There is 0.1 probability of each 0, 1, 2...9 minute waiting time.
So there are 20 possible combinations:
40+1, 40+2, ....40+9 without traffic at bridge and 60+1, 60+2....60+9 with traffic at bridge.
Adding 10 more minutes due to parking shuttle travel, we have 50, 51,52,53...59 minutes ad 70, 71, 72, 73.... 79 minutes.
Assuming the traffic and the shuttle waiting time being independent, the probability of each time is = 0.5*0.1 = 0.05.
Now consider the shuttle route:
There are four possibilities of 60, 70, 80 and 90 due to the number of stops possible and each have a probability of 0.25.
Ans 9)Final Solution = 0.5
The possibilitties of taking more than 79 minutes can happen only when it takes 80 minutes or 90 minutes.
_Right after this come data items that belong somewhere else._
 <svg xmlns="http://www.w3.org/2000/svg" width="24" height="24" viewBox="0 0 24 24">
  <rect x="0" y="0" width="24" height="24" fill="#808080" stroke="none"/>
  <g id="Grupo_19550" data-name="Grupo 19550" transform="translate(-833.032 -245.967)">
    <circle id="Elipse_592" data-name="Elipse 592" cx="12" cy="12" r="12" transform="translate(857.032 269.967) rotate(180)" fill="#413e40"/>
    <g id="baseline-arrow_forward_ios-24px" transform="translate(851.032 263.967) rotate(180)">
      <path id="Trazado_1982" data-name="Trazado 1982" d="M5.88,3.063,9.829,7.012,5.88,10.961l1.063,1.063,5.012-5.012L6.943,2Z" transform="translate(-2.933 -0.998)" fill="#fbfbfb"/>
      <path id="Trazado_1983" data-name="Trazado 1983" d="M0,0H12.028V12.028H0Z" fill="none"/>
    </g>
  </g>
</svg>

So, P(X>79) = P(X=80) + P(X=90) = 025 + 025 = 0.5
Ans to 10) Final solution = 0.2375
For john to reach before jane, we have following possibilities:
Let X1 be john's time and X2 be jane's time.
P(X1 < X2) = P(X1= 60)*P(X2>60) + P(X1= 70)*P(X2>70)
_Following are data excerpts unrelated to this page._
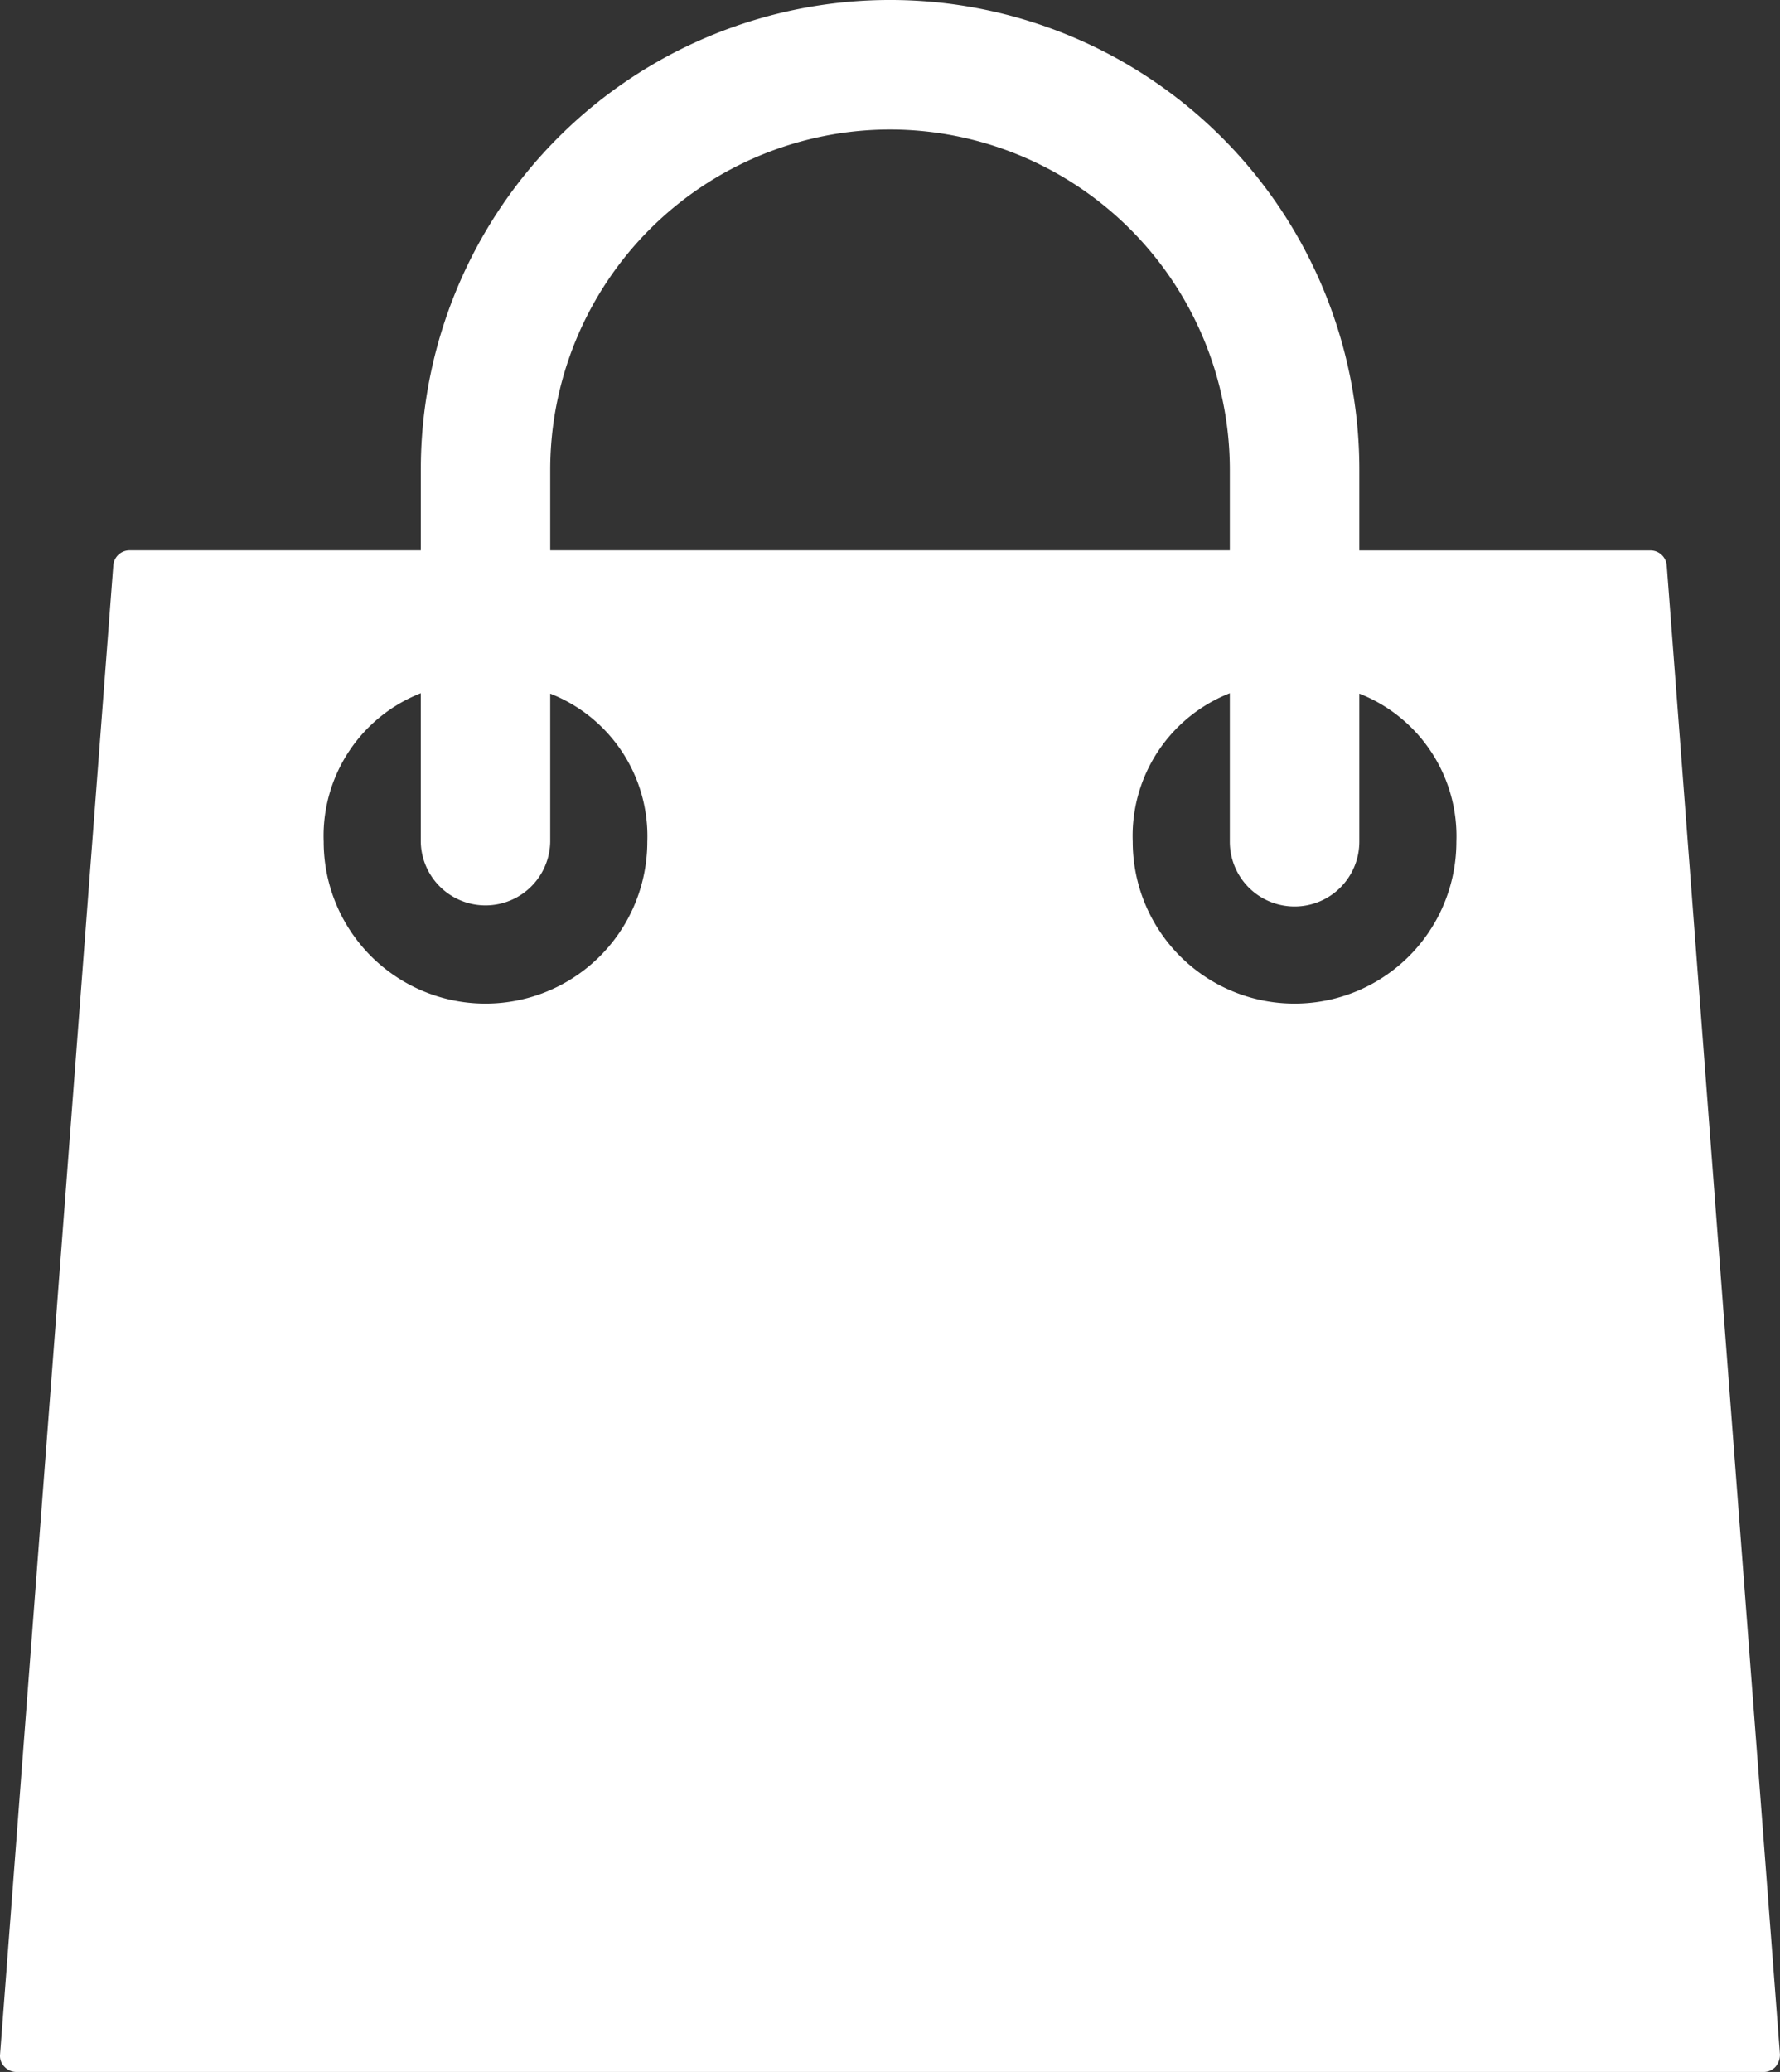 <svg xmlns="http://www.w3.org/2000/svg" viewBox="0 0 97.313 113.232">
  <rect x="0" y="0" width="97.313" height="113.232" fill="#333333" stroke="none"/>
  <defs>
    <style>
      .cls-1 {
        fill: #fff;
      }
    </style>
  </defs>
  <path id="Path_384" data-name="Path 384" class="cls-1" d="M91.105,30.9a.89.89,0,0,0-.885-.818H74.3V25.654a25.654,25.654,0,1,0-51.309,0v4.423H7.065a.89.89,0,0,0-.885.818L-.012,112.282a.833.833,0,0,0,.243.663.908.908,0,0,0,.641.287h95.54a.87.87,0,0,0,.641-.287,1.021,1.021,0,0,0,.243-.663ZM48.643,7.077A18.6,18.6,0,0,1,67.22,25.654v4.423H30.066V25.654A18.6,18.6,0,0,1,48.643,7.077ZM26.527,54.847A8.844,8.844,0,0,1,17.681,46a8.375,8.375,0,0,1,5.308-8.116V46a3.539,3.539,0,0,0,7.077,0V37.906A8.366,8.366,0,0,1,35.373,46,8.844,8.844,0,0,1,26.527,54.847Zm44.232,0A8.844,8.844,0,0,1,61.912,46a8.375,8.375,0,0,1,5.308-8.116V46A3.539,3.539,0,0,0,74.3,46V37.906A8.366,8.366,0,0,1,79.605,46,8.844,8.844,0,0,1,70.759,54.847Z" transform="translate(0.015)"/>
</svg>

Jane will take more than 60 minutes whenever there is traffic on the bridge
P(X2 > 60) = 0.05*10 = 0.5
Similarly, P(X2 > 70) = P(71)+P(72)+P(73)+P(74)+P(75)+P(76)+P(77)+P(78)+P(79) = 0.05*9 = 0.45
Therefore P(X1 < X2) = 0.5*0.25 + 0.45*0.25 = 0.2375
Ans 7) Chance of taking less than 60 minutes by driving = 0.5.
Ans 8) Chance of taking more than 79 minutes by driving = 0.0. (maximum time taken is = 79 minutes and more than 79 is not possible)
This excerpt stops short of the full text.